A blood stripe is a scarlet stripe worn down the outside leg seams of trousers on the dress uniform of the United States Marine Corps. This red stripe is 2 inches (5.1 cm) for general officers, 1.5 inches (3.8 cm) for other officers, and 1.12 inches (2.8 cm) for enlisted Staff Noncommissioned Officers and Noncommissioned Officers. Modified versions are worn on the officers' evening dress uniforms, with the scarlet flanked with gold trim, and on members of the Marine Band, which wear the traditional red stripe with a white stripe in the center.


While trouser stripes were in use in various militaries for many years[1] (especially the British Army, whose uniforms influenced American uniforms for many years, as well as the ref, red stripes of the Spanish Navy Marines[2]), red trouser stripes were not a predominant feature of any American Marine uniform until 1837. In that year, President Andrew Jackson ordered changes that included the adoption of the Army's practice of wearing stripes the same color as uniform jacket facings.[1] These original stripes were buff white to match changes to the uniform jacket, but when the jacket was changed back to dark blue with red trim in 1839, the stripes remained, but altered to a similar blue edged in red.

Tradition holds that in the Battle of Chapultepec in September 1847, Marine officers and NCOs sustained an unusually high casualty rate during the battle.[3][clarification needed] In 1849, uniform regulations dictated that the stripes be changed to a solid red. Ten years later, a scarlet cord was inserted into the outer seams for noncommissioned officers and musicians, while a scarlet welt was added for officers. Finally, in 1904, the simple scarlet stripe seen today was adopted, with the varying widths prescribed for different ranks.

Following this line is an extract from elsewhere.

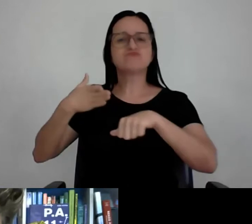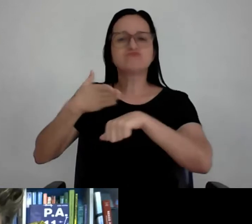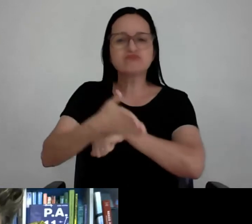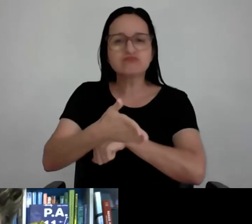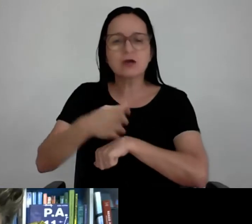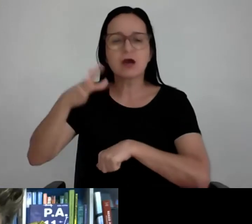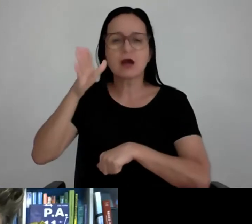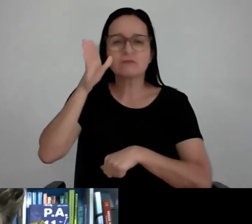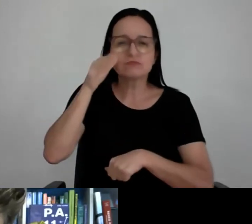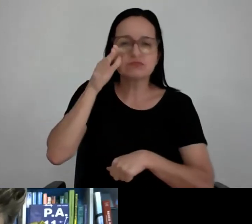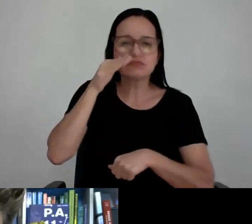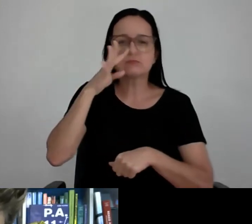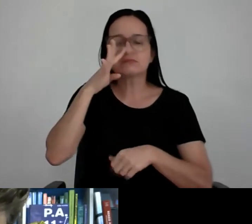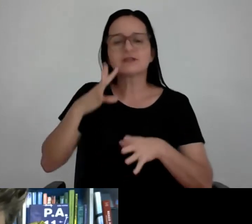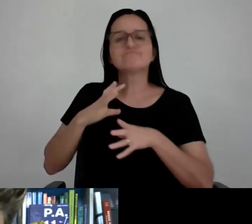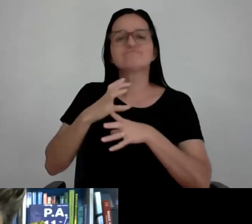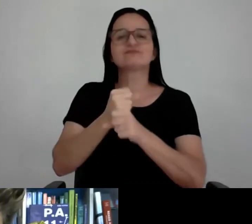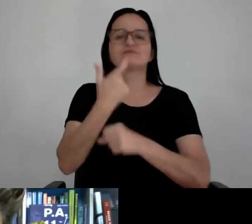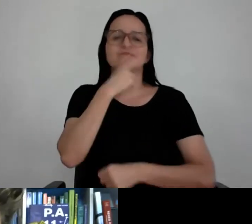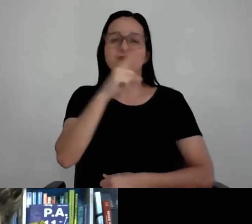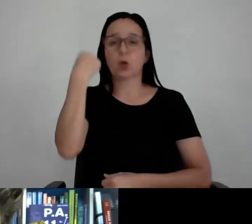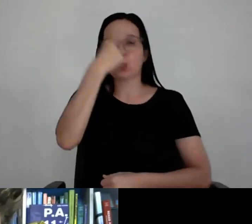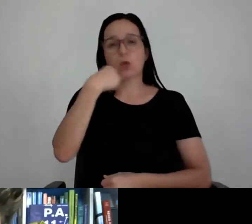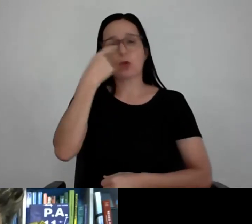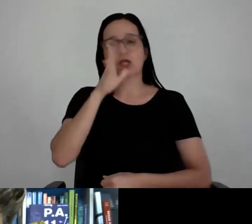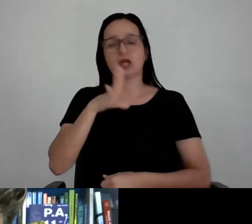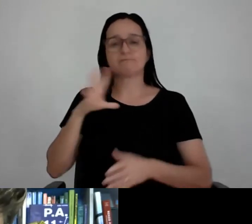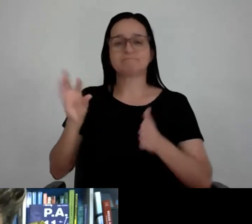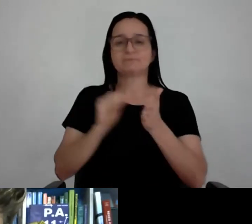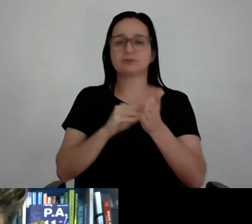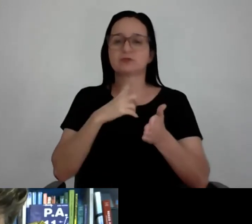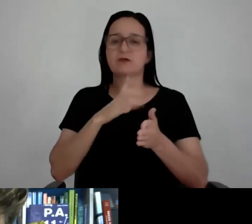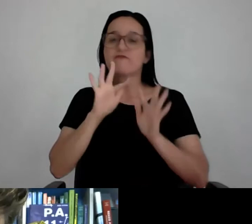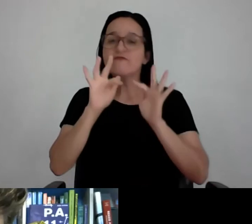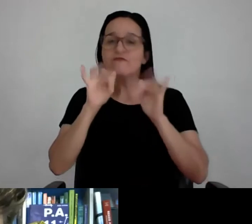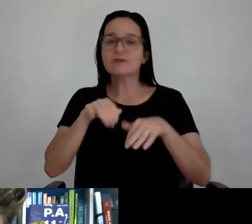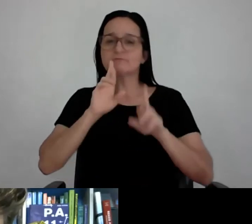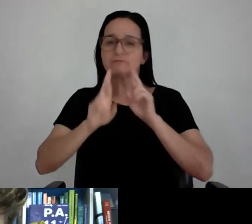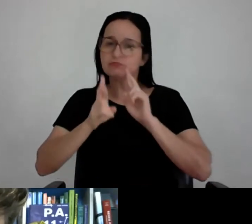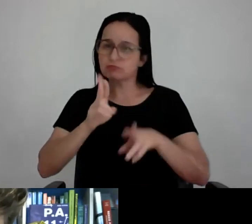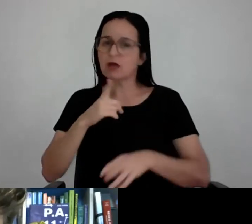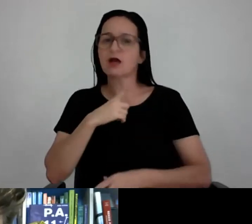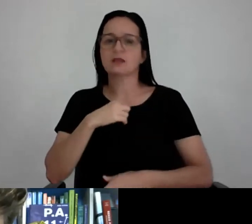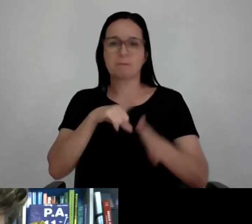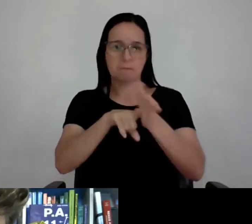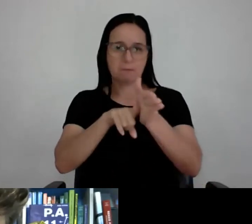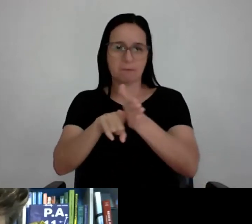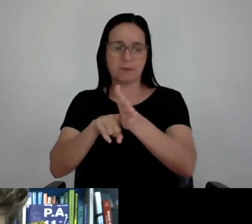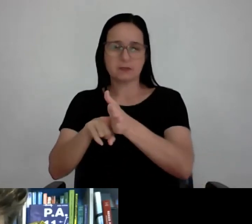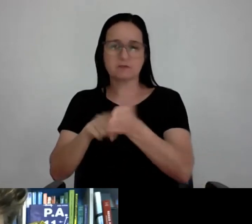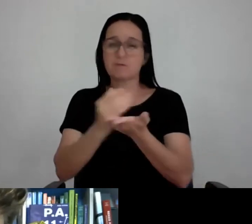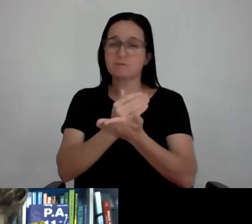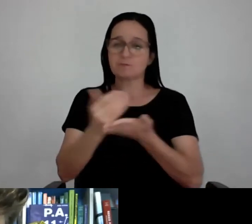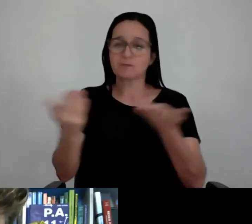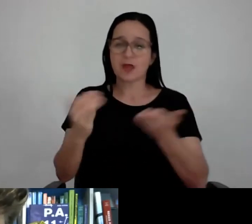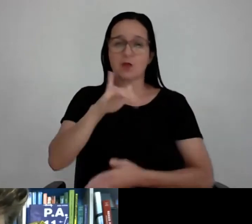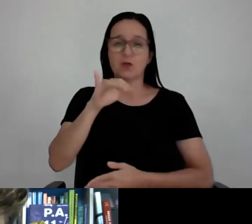já vão automáticas para vocês. E, no final, não deixe de responder a pesquisa de satisfação, galera. Vamos começar agora com o João. Eu queria agradecer também

According to a Marine Corps publication,[4] Marine casualties for the Mexico City campaign were 7 killed and 24 wounded. The only officer killed was Major Levi Twiggs. The highest ranking NCO killed was a Corporal.

In his Personal Memoirs (1885), Ulysses S. Grant, who served as lieutenant in Taylor's army despite being opposed to the war with Mexico, says the following regarding the cost of the battles of Chapultepec and Molino del Rey: "The Mexicans have shown a patriotism which it would be well if we would imitate in part, but with more regard to truth. They celebrate the anniversaries of Chapultepec and Molino del Rey as of very great victories. The anniversaries are recognized as national holidays. At these two battles, while the United States troops were victorious, it was at very great sacrifice of life compared with what the Mexicans suffered. The Mexicans, as on many other occasions, stood up as well as any troops ever did. The trouble seemed to be the lack of experience among the officers, which led them after a certain time to simply quit, without being particularly whipped, but because they had fought enough."[5]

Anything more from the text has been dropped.